15 October 2011

'We are the 99%' chant sounds increasingly convincing

ALBUQUERQUE, N.M.—John Steinbeck and the Joad family might have appreciated the noisy spectacle on the ghost of Route 66 here Saturday.

Central Avenue, once part of the iconic highway, roiled with several hundred loud, raucous protesters of all descriptions near Nob Hill, revealing the depth of the disgust in Albuquerque over the greed and indifference of the U.S. financial and political elite. This was the the most diverse of three demonstrations and marches inspired by Occupy Wall Street that have taken place on successive Saturdays in Albuquerque. Similar demonstrations of populist outrage across the country and globe are being reported today.

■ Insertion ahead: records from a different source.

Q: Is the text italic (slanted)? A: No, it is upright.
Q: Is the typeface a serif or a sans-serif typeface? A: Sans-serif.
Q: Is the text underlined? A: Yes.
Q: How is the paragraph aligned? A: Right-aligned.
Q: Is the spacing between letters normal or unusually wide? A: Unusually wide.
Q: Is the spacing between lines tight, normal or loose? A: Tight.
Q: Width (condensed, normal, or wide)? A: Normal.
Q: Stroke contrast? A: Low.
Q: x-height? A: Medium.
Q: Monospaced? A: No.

The last time the economy was this bad was the Depression, which Steinbeck personalized in The Grapes of Wrath (1940) with the Joads, Oklahoma farmers who packed their life belongings into a beat-up truck and fled the Dust Bowl along U.S. 66, the major east-west highway, through Albuquerque, Grants and Gallup, N.M., in search of jobs in California.

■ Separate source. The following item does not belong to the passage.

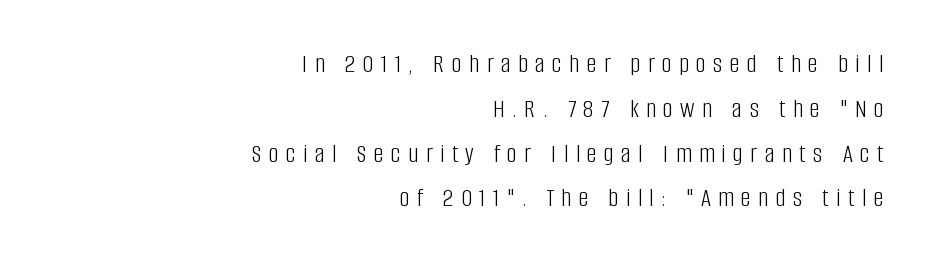
{"italic": "no", "bold": "no", "underline": "no", "align": "right", "line_spacing": "normal", "line_spacing_ratio": 1.66, "letter_spacing": "wide", "letter_spacing_em": 0.28, "glyph_px": 27}
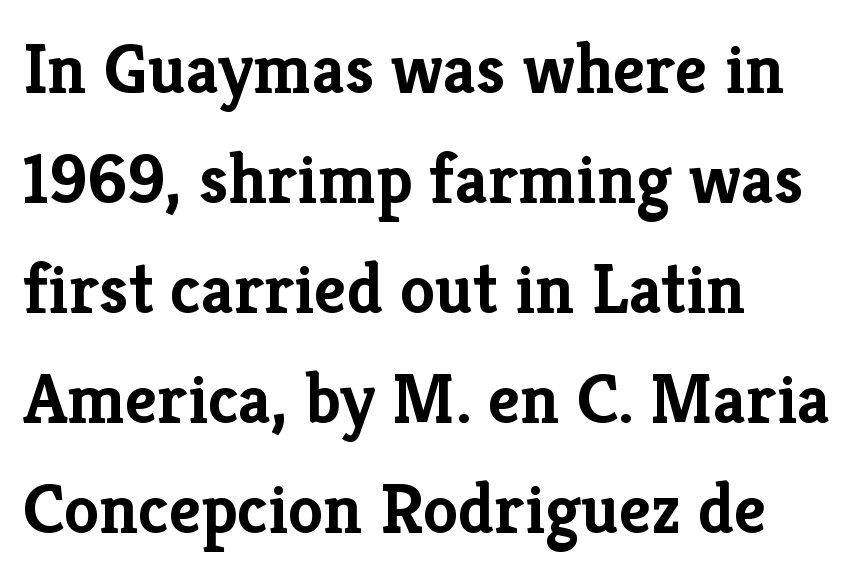
Words appear dense and cohesive because spacing is normal. A student would call this left alignment; a typographer would say flush left, rag right. Regarding serifs, this sample has them. Successive baselines arrive at the customary interval. The face used here is proportionally spaced, like ordinary book or web type.

While chant of the emerging Occupation movement, “We are the 99%,” is sounding more and more convincing, stunned critics are sharpening their attacks. OWS organizers were derided as “Lenin's ‘useful idiots’ in Manhattan” by one Ellis Washington:

For the past month, the liberal fascist mobs have been protesting American exceptionalism, capitalism and its symbolic embodiment, Wall Street in Manhattan. These legions of largely white hippie-types, are unwashed, unshaved, unemployed, unemployable masses; prone to violence, conspicuous drug use, rantings, cursing, public defecation on police cars and promiscuous sex —yet are clueless as to what, why or who they are even protesting.

Mr. Washington would be wise to step away from his computer and TV for a moment to venture into the streets.